# 1. Import the dataset into a pandas DataFrame

In [129]:
import pandas as pd

In [130]:
df = pd.read_csv('/content/spam.csv',encoding='latin-1')

# 2. Print the shape of the dataset

In [131]:
df.shape

(5572, 5)

# 3. Observe the 1st few rows of the dataset

In [132]:
df.head(10)

Unnamed: 0,v1,v2,Unnamed: 2,Unnamed: 3,Unnamed: 4
0,ham,"Go until jurong point, crazy.. Available only ...",,,
1,ham,Ok lar... Joking wif u oni...,,,
2,spam,Free entry in 2 a wkly comp to win FA Cup fina...,,,
3,ham,U dun say so early hor... U c already then say...,,,
4,ham,"Nah I don't think he goes to usf, he lives aro...",,,
5,spam,FreeMsg Hey there darling it's been 3 week's n...,,,
6,ham,Even my brother is not like to speak with me. ...,,,
7,ham,As per your request 'Melle Melle (Oru Minnamin...,,,
8,spam,WINNER!! As a valued network customer you have...,,,
9,spam,Had your mobile 11 months or more? U R entitle...,,,


# 4. Remove any null values

In [133]:
df.isnull().sum()

v1               0
v2               0
Unnamed: 2    5522
Unnamed: 3    5560
Unnamed: 4    5566
dtype: int64

In [134]:
df.drop(columns=['Unnamed: 2','Unnamed: 3','Unnamed: 4'],inplace=True)
df.isnull().sum()

v1    0
v2    0
dtype: int64

# 5. Rename the columns v1 and v2 appropriately

In [135]:
df.rename(columns={'v1':'label','v2':'text'},inplace=True)
df.sample(10)

Unnamed: 0,label,text
1698,spam,"Free msg. Sorry, a service you ordered from 81..."
5425,ham,Otherwise had part time job na-tuition..
4405,spam,As one of our registered subscribers u can ent...
2325,ham,Apps class varaya elaya.
498,ham,"Kate jackson rec center before 7ish, right?"
151,ham,Yup i thk cine is better cos no need 2 go down...
4430,ham,2mro i am not coming to gym machan. Goodnight.
5399,ham,And he's apparently bffs with carly quick now
3057,spam,You are now unsubscribed all services. Get ton...
1309,ham,"Ok, be careful ! Don't text and drive !"


#Applying label ecoder to the labels

In [136]:
from sklearn.preprocessing import LabelEncoder

In [137]:
label_encoder = LabelEncoder()
y = label_encoder.fit_transform(df['label'])

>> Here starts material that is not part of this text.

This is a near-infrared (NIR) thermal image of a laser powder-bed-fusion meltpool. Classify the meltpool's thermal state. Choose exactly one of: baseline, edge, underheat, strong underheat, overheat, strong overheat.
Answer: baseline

# 6. Convert text of all sms to lowercase, remove urls, remove punctuation marks and special characters, remove stopwords

In [139]:
X= df['text']

In [140]:
# Removing URLs
def remove_urls(text):
    url_pattern = re.compile(r'https?://\S+|www\.\S+')
    text = url_pattern.sub(r'', text)
    return text

In [141]:
# Removing  Punctuation Marks/Special Characters
import re

def remove_punctuation_and_special_chars(text):

    # Remove special characters
    text = re.sub('[^A-Za-z0-9 ]+', '', text)

    return text

In [142]:
import nltk

In [143]:
nltk.download('punkt')

[nltk_data] Downloading package punkt to /root/nltk_data...
[nltk_data]   Package punkt is already up-to-date!


True

In [144]:
nltk.download('stopwords')

[nltk_data] Downloading package stopwords to /root/nltk_data...
[nltk_data]   Package stopwords is already up-to-date!


True

In [145]:
# Imports the nltk's prebuilt tokenizers
from nltk.tokenize import sent_tokenize, word_tokenize
from nltk.corpus import stopwords

In [146]:
def text_cleaning(text):
  text = text.lower()
  text = remove_punctuation_and_special_chars(text)
  text = remove_urls(text)
  words= word_tokenize(text)
  filtered_text= [word for word in words if word.lower() not in stopwords.words('english')]
  text = ' '.join(filtered_text)
  return text


X= X.apply(text_cleaning)
X[:5]

0    go jurong point crazy available bugis n great ...
1                              ok lar joking wif u oni
2    free entry 2 wkly comp win fa cup final tkts 2...
3                  u dun say early hor u c already say
4          nah dont think goes usf lives around though
Name: text, dtype: object

# 7. Reduce text to their lemma form

In [147]:
from nltk.stem import WordNetLemmatizer
nltk.download('wordnet')
lemmatizer = WordNetLemmatizer() ## Create object for lemmatizer

[nltk_data] Downloading package wordnet to /root/nltk_data...
[nltk_data]   Package wordnet is already up-to-date!


In [148]:
# Function to lemmatize a single text message
def lemmatize_text(text):
    # Tokenize the text into words
    words = word_tokenize(text)
    # Lemmatize each word
    lemmatized_words = [lemmatizer.lemmatize(word) for word in words]
    # Join the lemmatized words back into a single string
    lemmatized_text = ' '.join(lemmatized_words)
    return lemmatized_text


In [149]:
df['text_lemmatized'] = df['text'].apply(lemmatize_text)

In [150]:
df.sample(5)

Unnamed: 0,label,text,text_lemmatized
2564,ham,"Under the sea, there lays a rock. In the rock,...","Under the sea , there lay a rock . In the rock..."
4024,ham,&lt;#&gt; in mca. But not conform.,& lt ; # & gt ; in mca . But not conform .
4098,ham,If u dun drive then how i go 2 sch.,If u dun drive then how i go 2 sch .
4146,ham,Pls help me tell sura that i'm expecting a bat...,Pls help me tell sura that i 'm expecting a ba...
1394,ham,R we still meeting 4 dinner tonight?,R we still meeting 4 dinner tonight ?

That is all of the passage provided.